A group of M thieves plans to steal the paintings in exhibition at a museum in Aveiro. The paintings are in display in N different rooms, each having Qi paintings hanging on the walls, with i = 0, 1, ... , N-1.

The operation is directed by the master thief who organizes her companions, standing in queue while waiting to be summoned, in assault parties of K elements and assigns to each party a target room in the museum. Different parties may proceed to different rooms at the same time. In the end, the master thief calls a meeting and informs the rest of the thieves about the sack earnings.

To prevent detection by the museum guards, the thieves forming a party crawl in line, as fast and as silently as they possibly can, along a previously established path between the outside gathering site and the target room. They must ensure that contiguous elements in the crawling line are not separated by a distance larger than a previously fixed value. Upon arrival at a museum room, each party member looks for a painting still hanging on the wall and, if there is one, he takes it down, detaches the canvas from the framing, rolls it over and inserts it in a cylinder container he carries on his back. He then prepares to leave the room.

The way out is the same as the way in and the crawling procedure adopted before is adopted again. When a thief reaches the outside location where the master thief is hiding, he takes the canvas out of the cylinder and hands it to the master thief who stores it in the back of a van, or tells her he is coming empty-handed.
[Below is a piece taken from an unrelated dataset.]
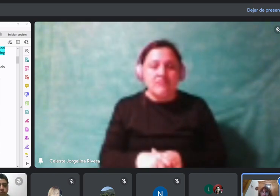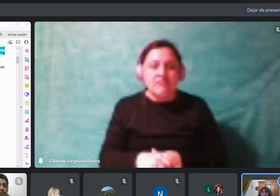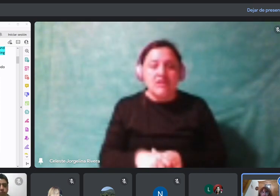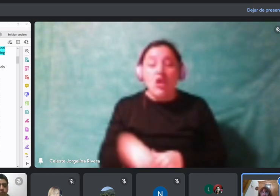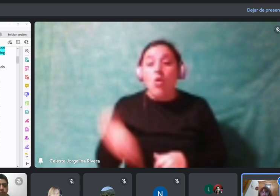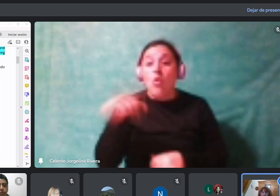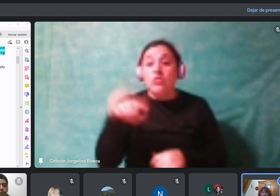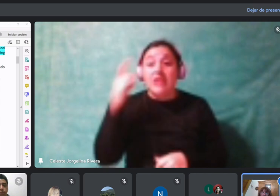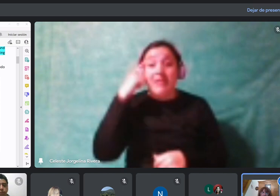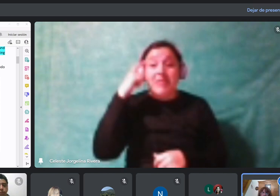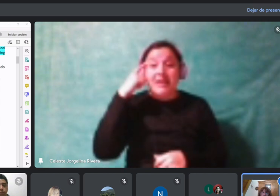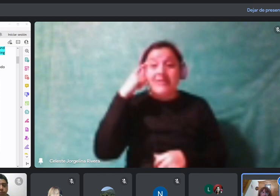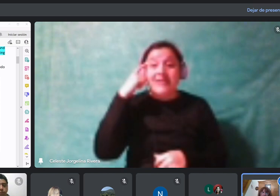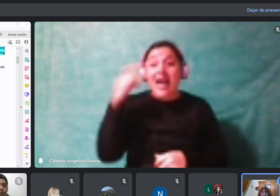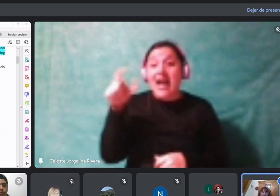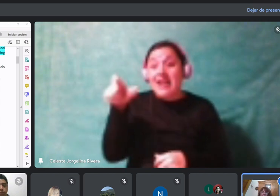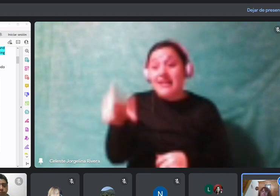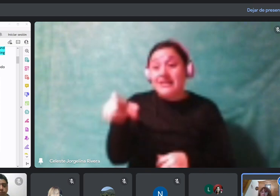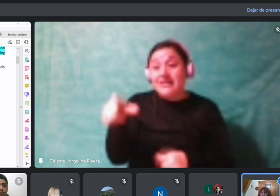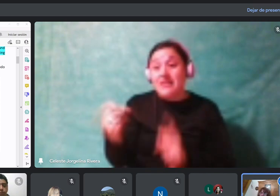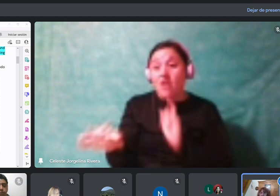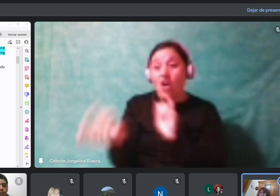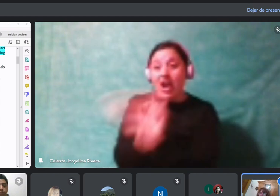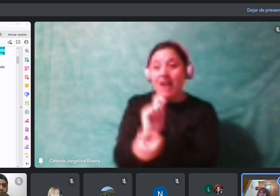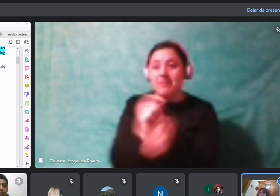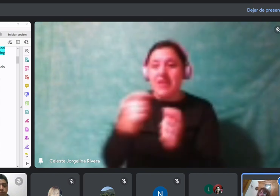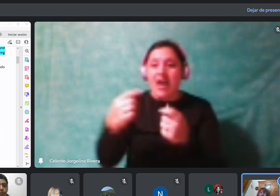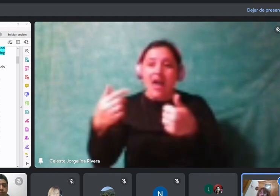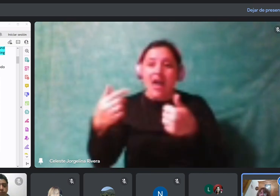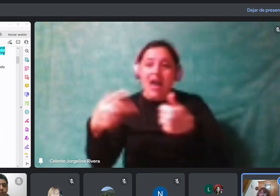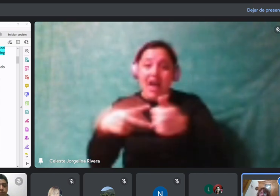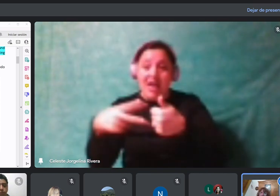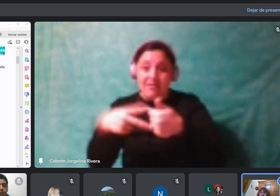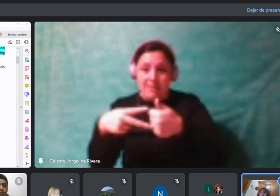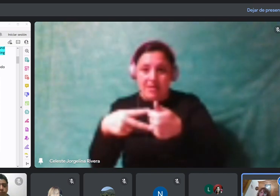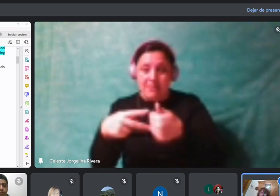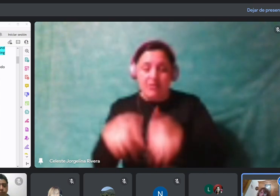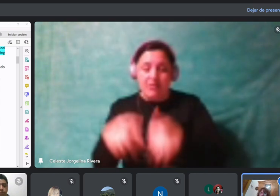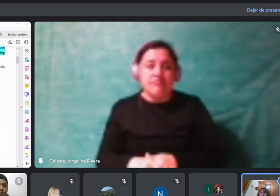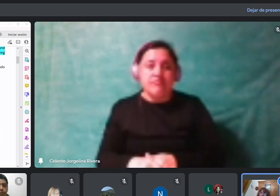en adverbio. Claro. Bien. Vis.

Since the master thief does not know beforehand how many paintings are hanging in the walls of each room, she goes on promoting incursions to the same room until she is sure the room is empty.

The crawling movement of party Gj, with j = 0, 1, ... , (M-1)/K-1, requires successive increments of position that obey the following rules:

• The ingoing movement (outside gathering site to museum room) is performed by taking positive position increments and the outgoing movement (museum room to outside gathering site) is performed by taking negative position increments

• The distance between the outside gathering site and the museum room i is Di length units, with i = 0, 1, ... , N-1

• The ingoing movement only starts when all group members have been selected and are ready to proceed, the outgoing movement only starts when all group members have taken a canvass or are empty-handed, because no more paintings are hanging in the room walls

• The thieves in a party crawl in line, can overtake one another, but can never stay side by side, nor be separated by a distance larger than S length units

• At each iteration step, the thief tj, with j = 1, ... , M-1, can change his position from 1 to MDlj length units, always moving as fast as he possibly can without violating the constraints imposed by the previous rule

• The maximum displacement, MDtj , is specific to each thief tj, the thieves are not all equal, some are more agile and faster than others.
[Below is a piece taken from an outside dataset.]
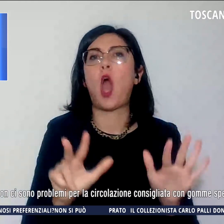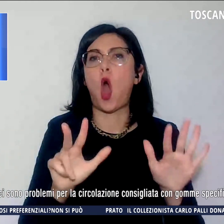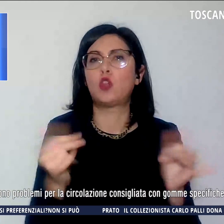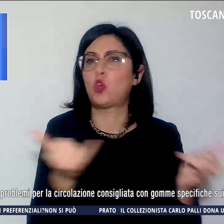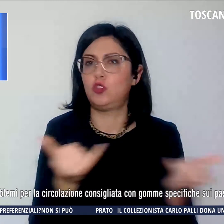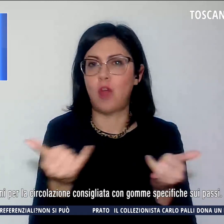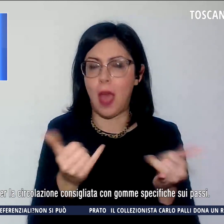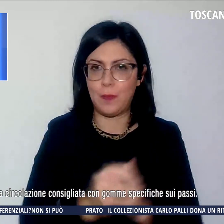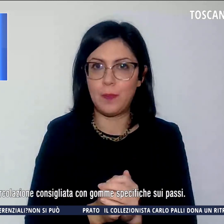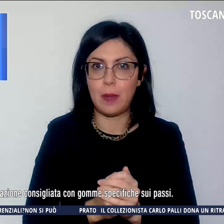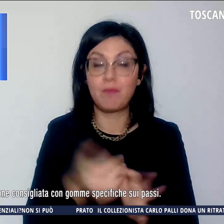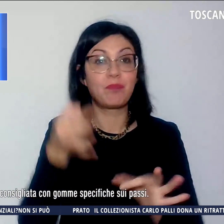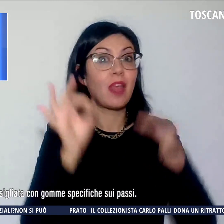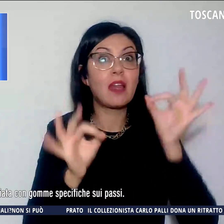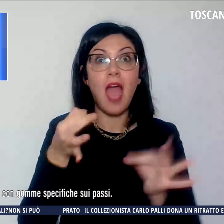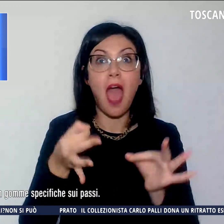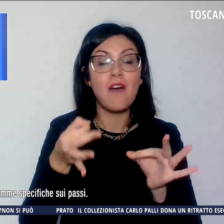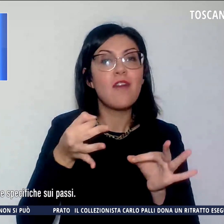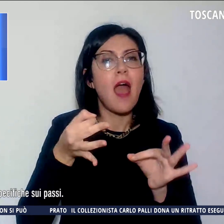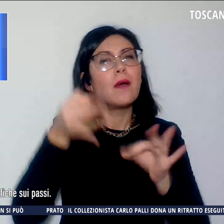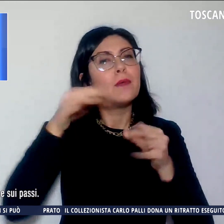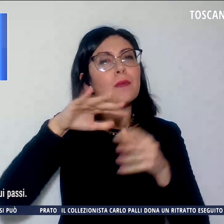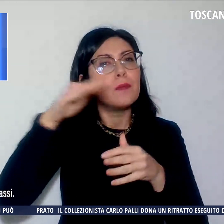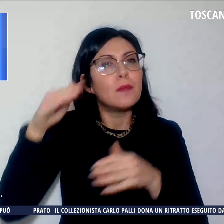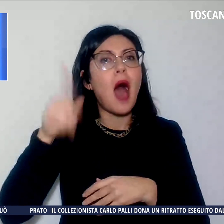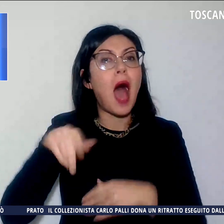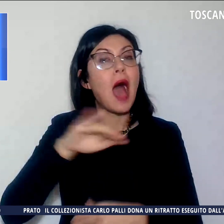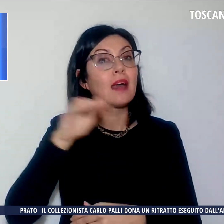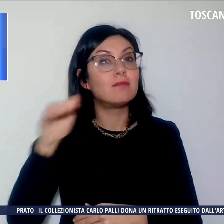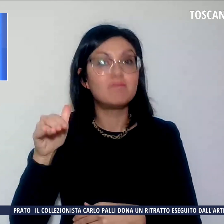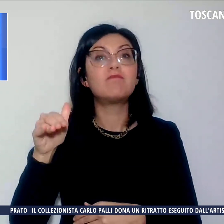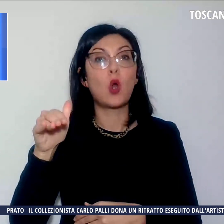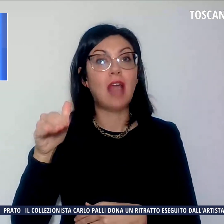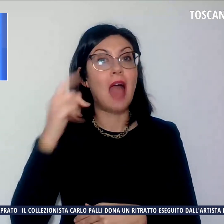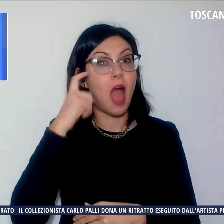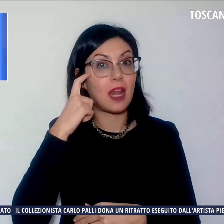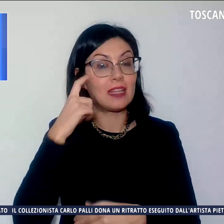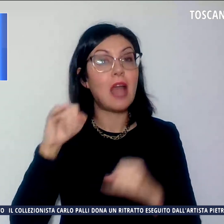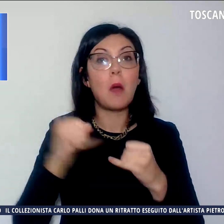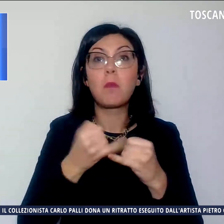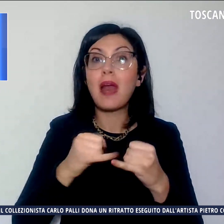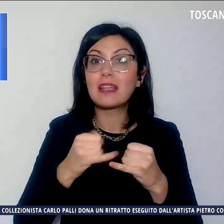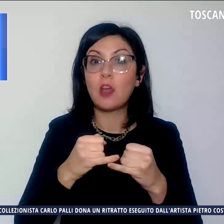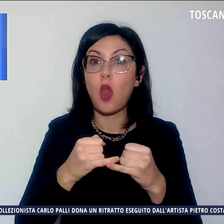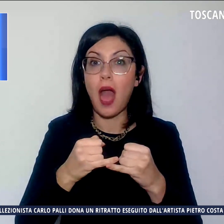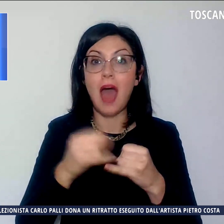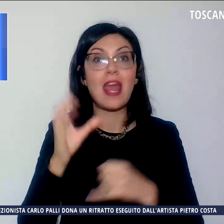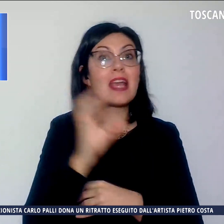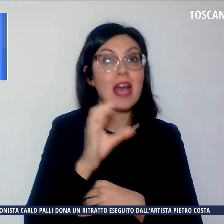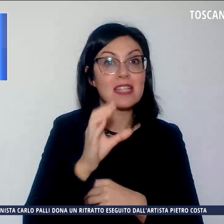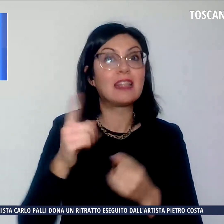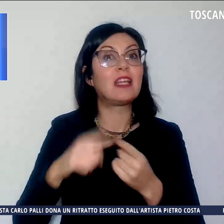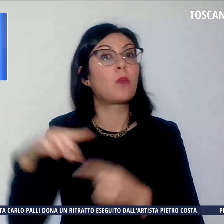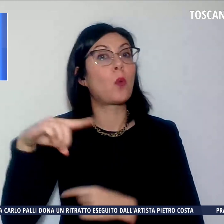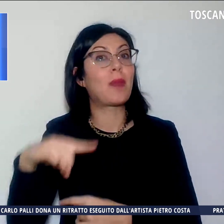La neve ha imbiancato anche i rilievi della montagna retina, in particolare in Casentino e sul Prato Magno.

Assume there are 7 thieves in the whole, master included, the maximum displacement of the ordinary thieves is a random number between 2 and 6, the number of exhibition rooms having paintings in display is 5 with random distances to the outside gathering site between 15 and 30, the number of paintings hanging in each room is a random number between 8 and 16 and that the assault parties have 3 elements. Also assume that the maximum separation limit between thieves crawling in line is 3 length units.

Write a simulation of the life cycle of the thieves using one of the models for thread communication and synchronization which have been studied: monitors or semaphores and shared memory.

One aims for a distributed solution with multiple information sharing regions that has to be written in Java, run in Linux and terminate.

A logging file, which describes the evolution of the internal state of the problem in a clear and precise way, must be included.